Given entries:
"""

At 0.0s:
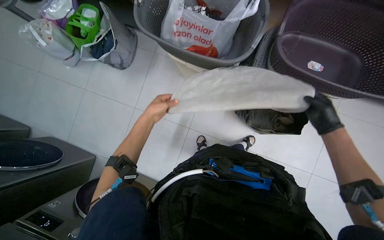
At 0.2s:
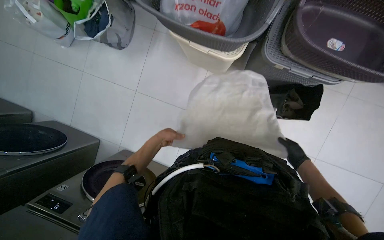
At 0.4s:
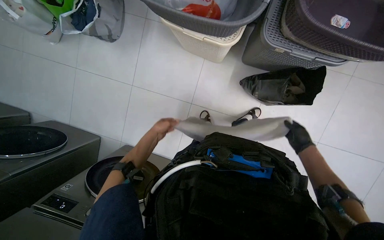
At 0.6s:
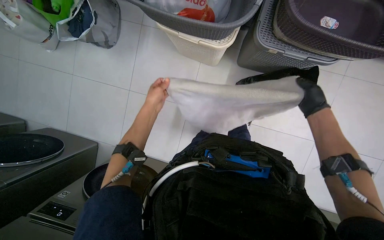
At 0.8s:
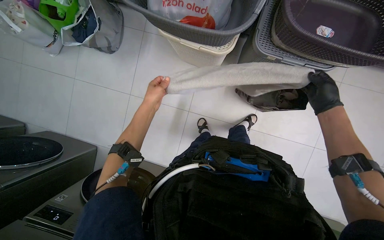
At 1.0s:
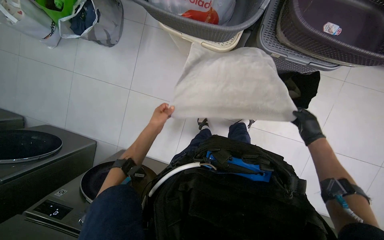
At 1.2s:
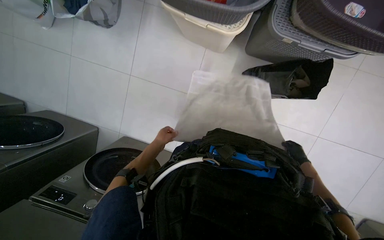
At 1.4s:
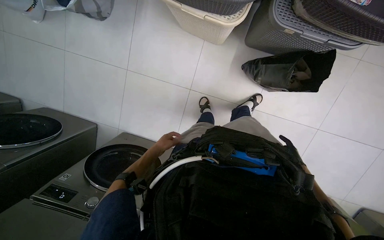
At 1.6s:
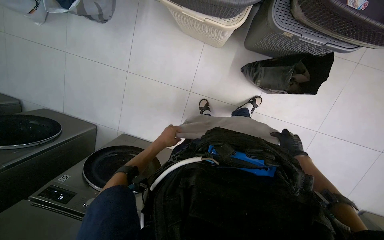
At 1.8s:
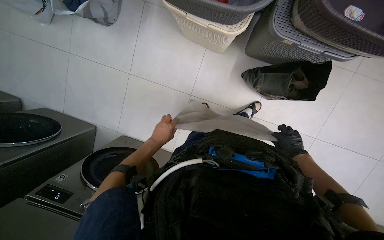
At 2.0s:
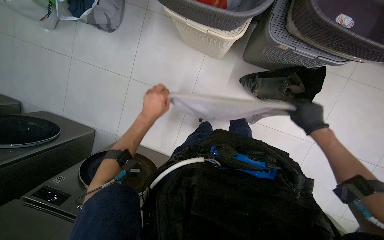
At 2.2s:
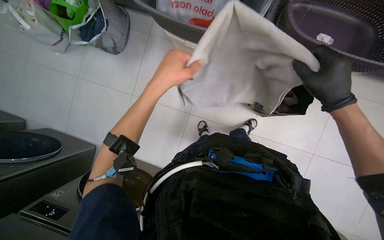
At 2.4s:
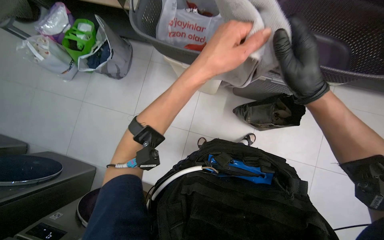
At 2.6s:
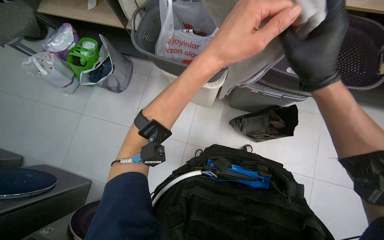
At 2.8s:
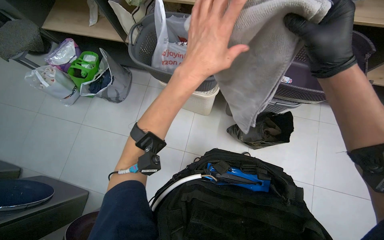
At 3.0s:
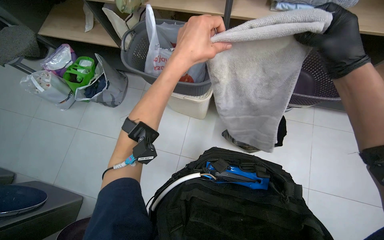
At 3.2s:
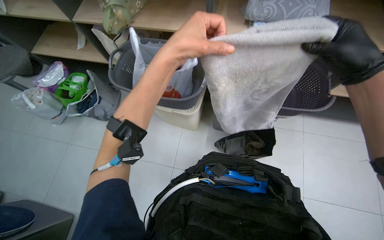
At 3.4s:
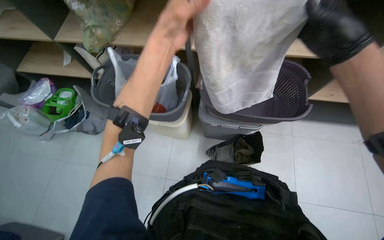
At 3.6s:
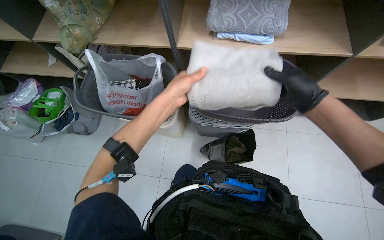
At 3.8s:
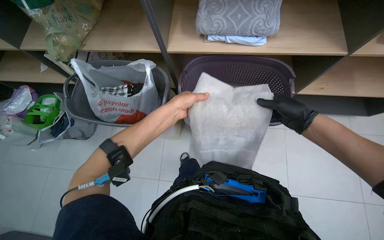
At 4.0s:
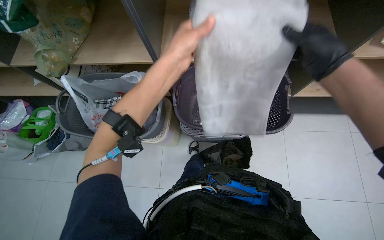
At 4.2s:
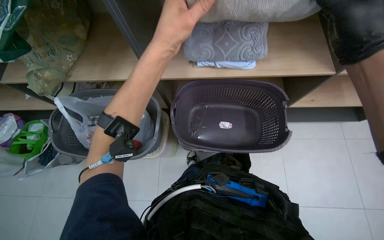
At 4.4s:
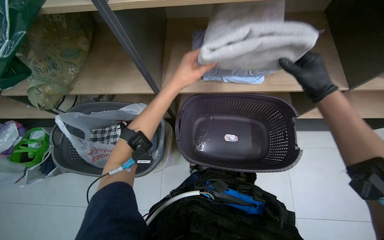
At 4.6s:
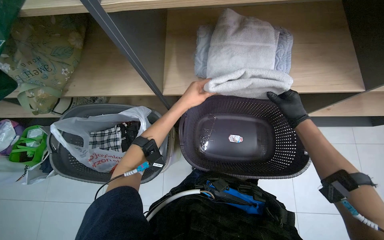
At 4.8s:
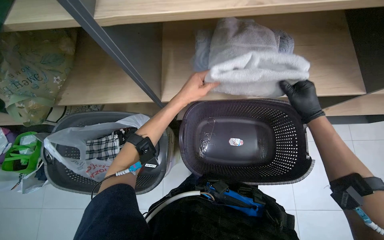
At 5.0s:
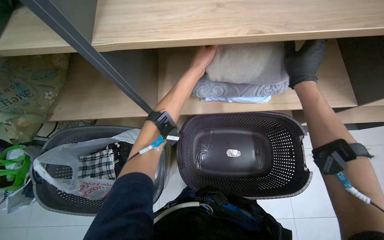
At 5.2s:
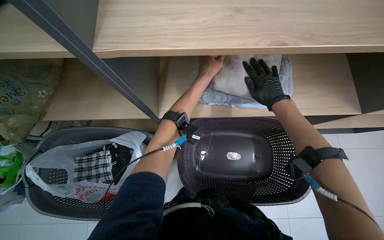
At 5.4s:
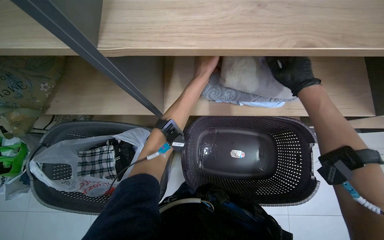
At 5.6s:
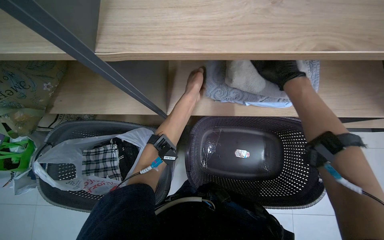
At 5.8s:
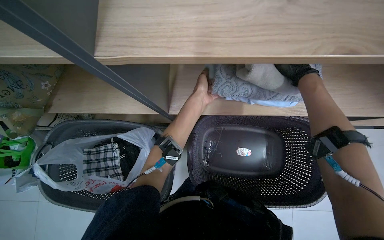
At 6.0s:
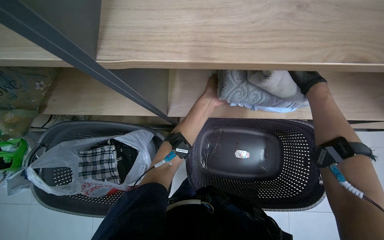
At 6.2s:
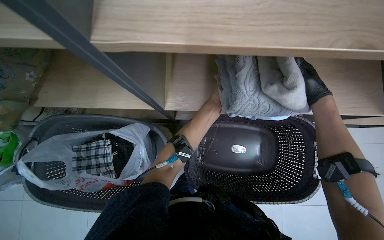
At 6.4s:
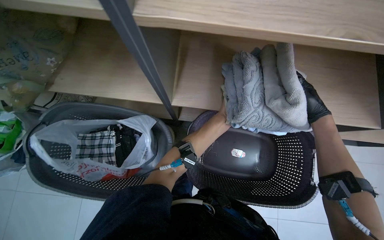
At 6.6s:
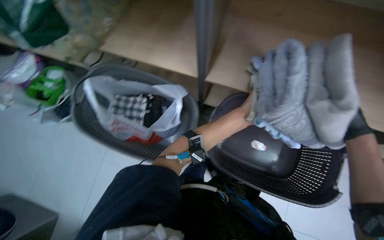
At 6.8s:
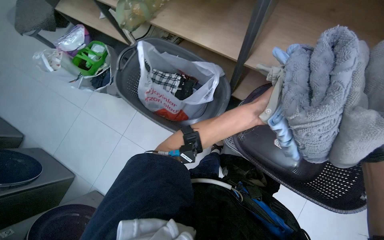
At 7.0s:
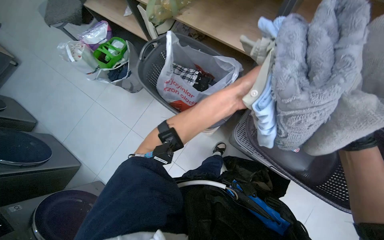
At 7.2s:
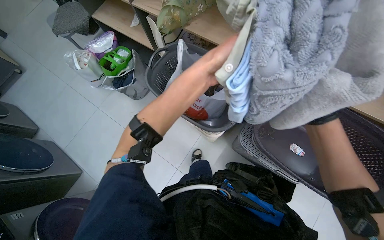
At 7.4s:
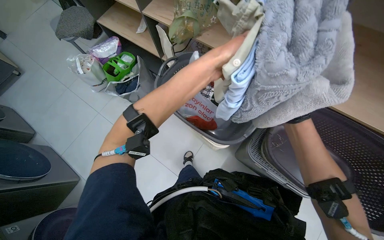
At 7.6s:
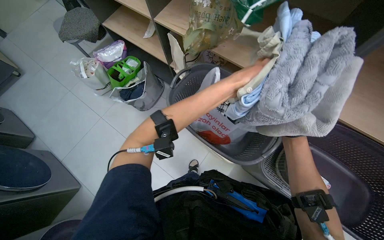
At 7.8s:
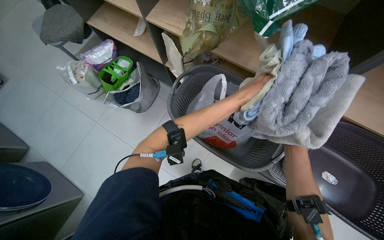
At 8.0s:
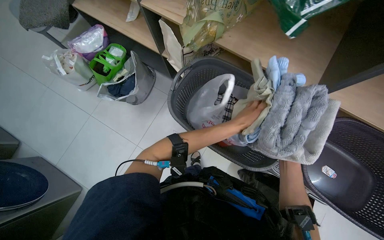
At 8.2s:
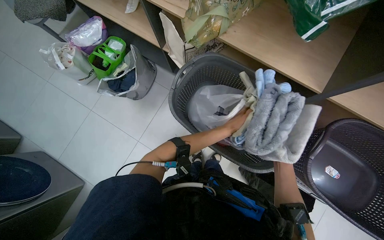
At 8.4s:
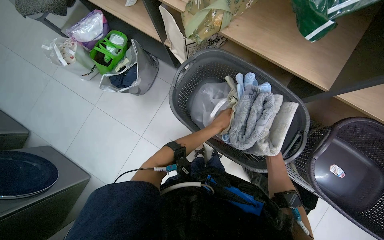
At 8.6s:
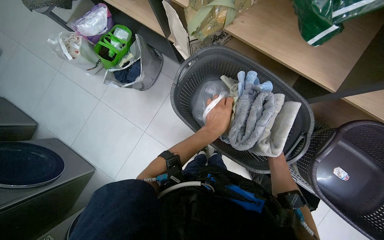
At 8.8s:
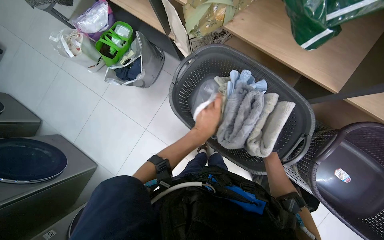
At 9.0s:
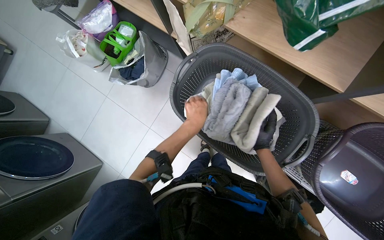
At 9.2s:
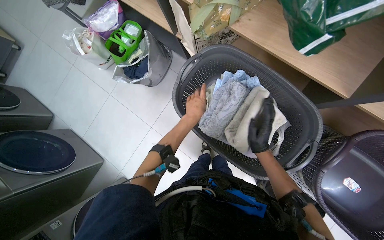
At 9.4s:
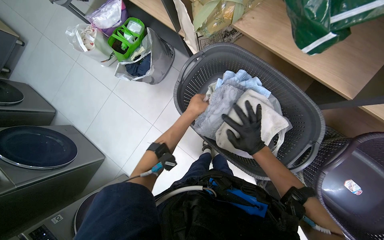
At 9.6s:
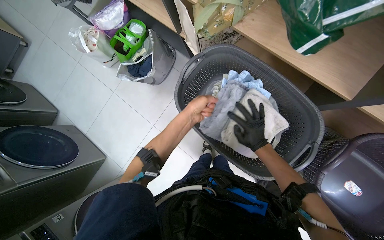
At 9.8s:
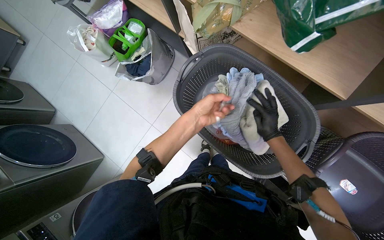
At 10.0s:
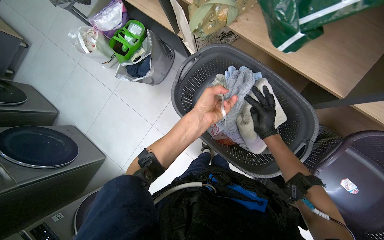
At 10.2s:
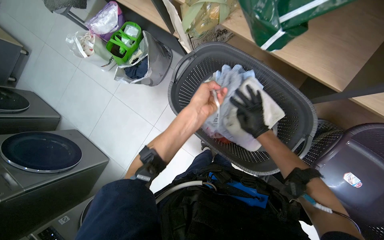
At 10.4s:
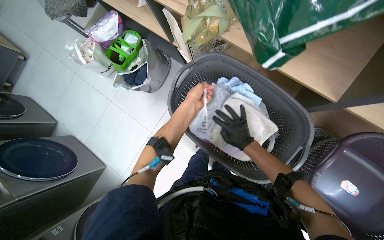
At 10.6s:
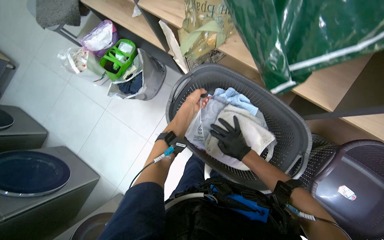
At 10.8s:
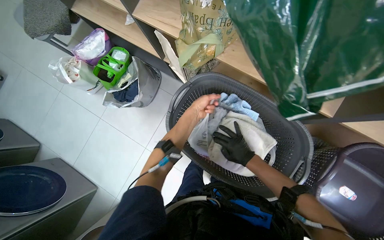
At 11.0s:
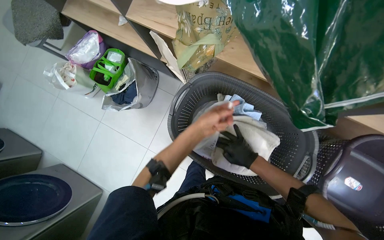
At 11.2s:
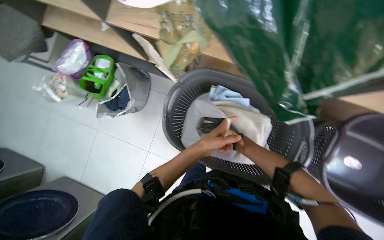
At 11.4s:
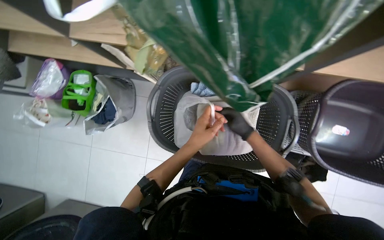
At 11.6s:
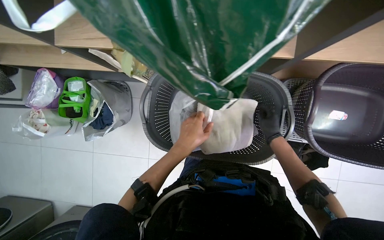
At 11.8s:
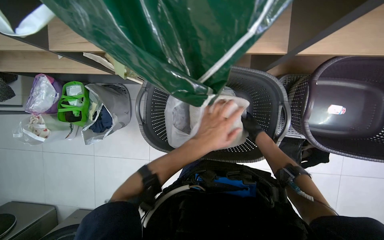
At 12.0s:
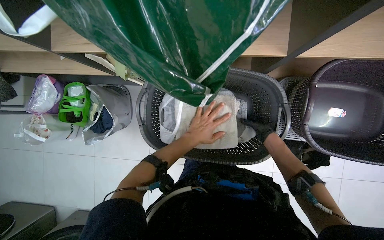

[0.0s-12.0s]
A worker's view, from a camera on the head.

"""

Task to complete: Can you repeat every record above exactly, apart from the pictures?

Result of this exercise:
At 0.0s:
At 0.2s:
At 0.4s:
At 0.6s:
At 0.8s:
At 1.0s:
At 1.2s:
At 1.4s:
At 1.6s:
At 1.8s:
At 2.0s:
At 2.2s:
At 2.4s:
At 2.6s:
At 2.8s:
At 3.0s:
At 3.2s:
At 3.4s:
At 3.6s:
At 3.8s:
At 4.0s:
At 4.2s:
At 4.4s:
At 4.6s:
At 4.8s:
At 5.0s:
At 5.2s:
At 5.4s:
At 5.6s:
At 5.8s:
At 6.0s:
At 6.2s:
At 6.4s:
At 6.6s:
At 6.8s:
At 7.0s:
At 7.2s:
At 7.4s:
At 7.6s:
At 7.8s:
At 8.0s:
At 8.2s:
At 8.4s:
At 8.6s:
At 8.8s:
At 9.0s:
At 9.2s:
At 9.4s:
At 9.6s:
At 9.8s:
At 10.0s:
At 10.2s:
At 10.4s:
At 10.6s:
At 10.8s:
At 11.0s:
At 11.2s:
At 11.4s:
At 11.6s:
At 11.8s:
At 12.0s:

[0.0s-12.0s]
A worker's view, from a camera on the head.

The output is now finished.